SOURCE DATA -

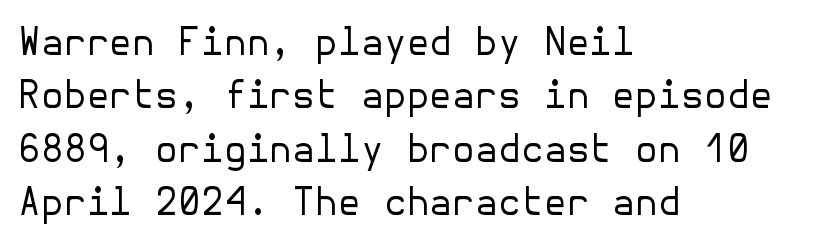
The image shows 37 px regular-weight sans-serif type, upright; set left-aligned, normal line spacing (1.44x), normal letter spacing, not underlined; low stroke contrast and a medium x-height.
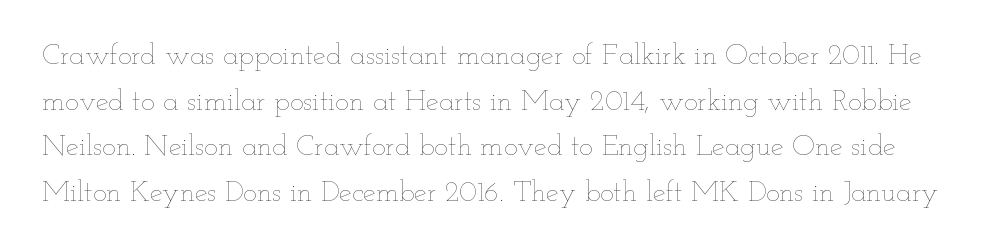
Q: Is the text bold? A: No.
Q: Is the text italic (slanted)? A: No, it is upright.
Q: Is the text underlined? A: No.
Q: Is the spacing between letters normal or unusually wide? A: Normal.
Q: Is the spacing between lines tight, normal or loose? A: Normal.
Q: Width (condensed, normal, or wide)? A: Wide.
Q: Stroke contrast? A: Low.
Q: x-height? A: Small.
Q: Monospaced? A: No.
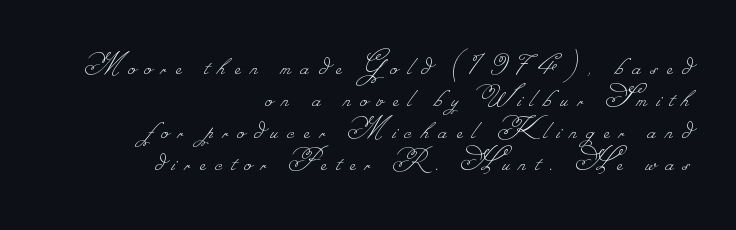
The image shows 31 px thin type; set right-aligned, tight line spacing (1.03x), unusually wide letter spacing (+0.31 em), not underlined; low stroke contrast.
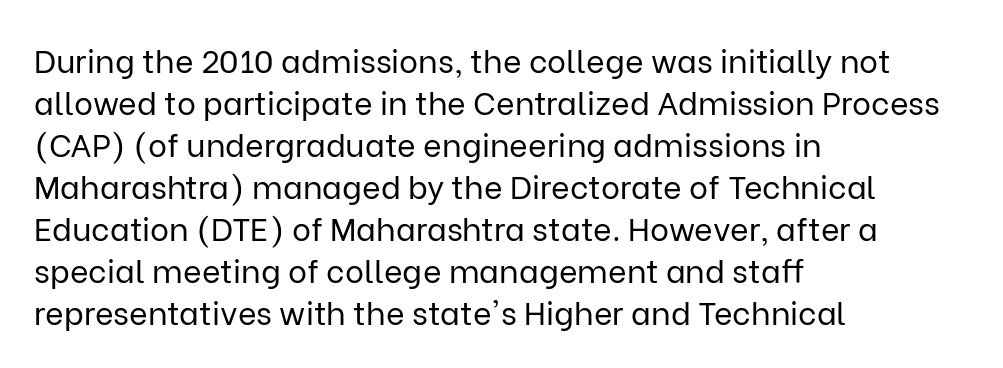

PROBLEM -
Repeat word for word the lines starting at the one with "Q: Stroke contrast? A: Low." and ending at the final line of the records above, both included; no pictures.

FINAL ANSWER -
Q: Stroke contrast? A: Low.
Q: x-height? A: Small.
Q: Monospaced? A: No.
The image shows 31 px thin type; set right-aligned, tight line spacing (1.03x), unusually wide letter spacing (+0.31 em), not underlined; low stroke contrast.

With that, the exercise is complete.